What to work on – The lines from the beginning of the records below through the one holding "རྒྱུད་ཕྱི་མ་ལས། ལྷག་པའི་ལྷ་ནི་གསང་ཆེན་ཏེ། ཞེས་གསུངས་པའི་ཕྱིར།" are to be copied exactly; leave the pictures out.

Stored data –

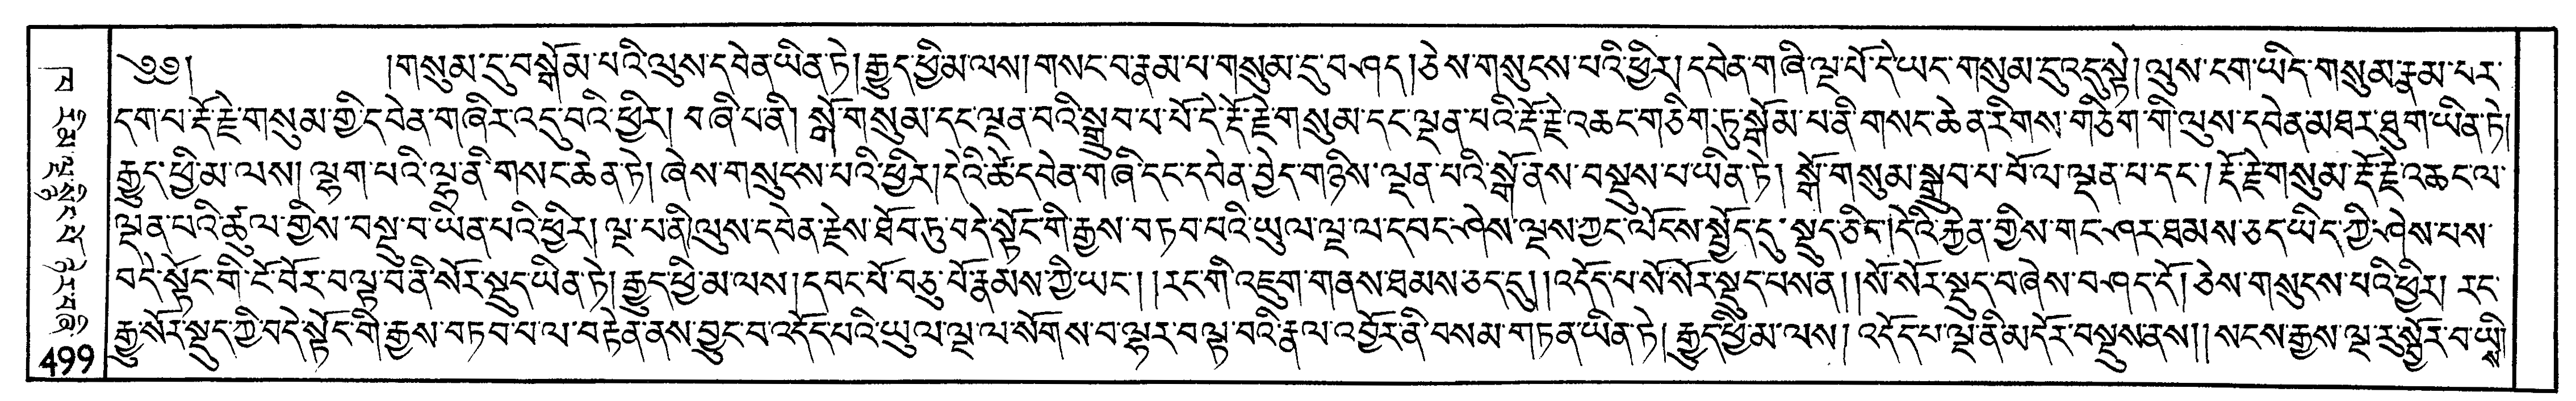༄༅། །གསུམ་དུ་བསྒོམ་པའི་ལུས་དབེན་ཡིན་ཏེ། རྒྱུད་ཕྱི་མ་ལས། གསང་བ་རྣམ་པ་གསུམ་དུ་བཤད། ཅེས་གསུངས་པའི་ཕྱིར། དབེན་གཞི་ལྔ་པོ་དེ་ཡང་གསུམ་དུ་འདུ་སྟེ། ལུས་ངག་ཡིད་གསུམ་རྣམ་པར་
དག་པ་རྡོ་རྗེ་གསུམ་གྱི་དབེན་གཞིར་འདུ་བའི་ཕྱིར། བཞི་པ་ནི། སྒོ་གསུམ་དང་ལྡན་པའི་སྒྲུབ་པ་པོ་དེ་རྡོ་རྗེ་གསུམ་དང་ལྡན་པའི་རྡོ་རྗེ་འཆང་གཅིག་ཏུ་སྒོམ་པ་ནི་གསང་ཆེན་རིགས་གཅིག་གི་ལུས་དབེན་མཐར་ཐུག་ཡིན་ཏེ།
རྒྱུད་ཕྱི་མ་ལས། ལྷག་པའི་ལྷ་ནི་གསང་ཆེན་ཏེ། ཞེས་གསུངས་པའི་ཕྱིར། དེའི་ཚེ་དབེན་གཞི་དང་དབེན་བྱེད་གཉིས་ལྡན་པའི་སྒོ་ནས་བསྡུས་པ་ཡིན་ཏེ། སྒོ་གསུམ་སྒྲུབ་པ་པོ་ལ་ལྡན་པ་དང་། རྡོ་རྗེ་གསུམ་རྡོ་རྗེ་འཆང་ལ་
ལྡན་པའི་ཚུལ་གྱིས་བསྡུ་བ་ཡིན་པའི་ཕྱིར། ལྔ་པ་ནི། ལུས་དབེན་རྗེས་ཐོབ་ཏུ་བདེ་སྟོང་གི་རྒྱས་བཏབ་པའི་ཡུལ་ལྔ་ལ་དབང་ཤེས་ལྔས་ཀྱང་ལོངས་སྤྱོད་དུ་སྡུད་ཅིང་། དེའི་རྐྱེན་གྱིས་གང་ཤར་ཐམས་ཅད་ཡིད་ཀྱི་ཤེས་པས་
བདེ་སྟོང་གི་ངོ་བོར་བལྟ་བ་ནི་སོར་སྡུད་ཡིན་ཏེ། རྒྱུད་ཕྱི་མ་ལས། དབང་པོ་བཅུ་པོ་རྣམས་ཀྱི་ཡང་། །རང་གི་འཇུག་གནས་ཐམས་ཅད་དུ། །འདོད་པ་སོ་སོར་སྡུད་པས་ན། །སོ་སོར་སྡུད་པ་ཞེས་བཤད་དོ། ཅེས་གསུངས་པའི་ཕྱིར། རང་
རྒྱུ་སོར་སྡུད་ཀྱི་བདེ་སྟོང་གི་རྒྱས་བཏབ་པ་ལ་བརྟེན་ནས་བྱུང་བ་འདོད་པའི་ཡུལ་ལྔ་ལ་སོགས་པ་ལྷར་བལྟ་བའི་རྣལ་འབྱོར་ནི་བསམ་གཏན་ཡིན་ཏེ། རྒྱུད་ཕྱི་མ་ལས། འདོད་པ་ལྔ་ནི་མདོར་བསྡུས་ནས། །སངས་རྒྱས་ལྔ་རུ་སྦྱོར་བ་ཡིས།

Written answer –
༄༅། །གསུམ་དུ་བསྒོམ་པའི་ལུས་དབེན་ཡིན་ཏེ། རྒྱུད་ཕྱི་མ་ལས། གསང་བ་རྣམ་པ་གསུམ་དུ་བཤད། ཅེས་གསུངས་པའི་ཕྱིར། དབེན་གཞི་ལྔ་པོ་དེ་ཡང་གསུམ་དུ་འདུ་སྟེ། ལུས་ངག་ཡིད་གསུམ་རྣམ་པར་
དག་པ་རྡོ་རྗེ་གསུམ་གྱི་དབེན་གཞིར་འདུ་བའི་ཕྱིར། བཞི་པ་ནི། སྒོ་གསུམ་དང་ལྡན་པའི་སྒྲུབ་པ་པོ་དེ་རྡོ་རྗེ་གསུམ་དང་ལྡན་པའི་རྡོ་རྗེ་འཆང་གཅིག་ཏུ་སྒོམ་པ་ནི་གསང་ཆེན་རིགས་གཅིག་གི་ལུས་དབེན་མཐར་ཐུག་ཡིན་ཏེ།
རྒྱུད་ཕྱི་མ་ལས། ལྷག་པའི་ལྷ་ནི་གསང་ཆེན་ཏེ། ཞེས་གསུངས་པའི་ཕྱིར། དེའི་ཚེ་དབེན་གཞི་དང་དབེན་བྱེད་གཉིས་ལྡན་པའི་སྒོ་ནས་བསྡུས་པ་ཡིན་ཏེ། སྒོ་གསུམ་སྒྲུབ་པ་པོ་ལ་ལྡན་པ་དང་། རྡོ་རྗེ་གསུམ་རྡོ་རྗེ་འཆང་ལ་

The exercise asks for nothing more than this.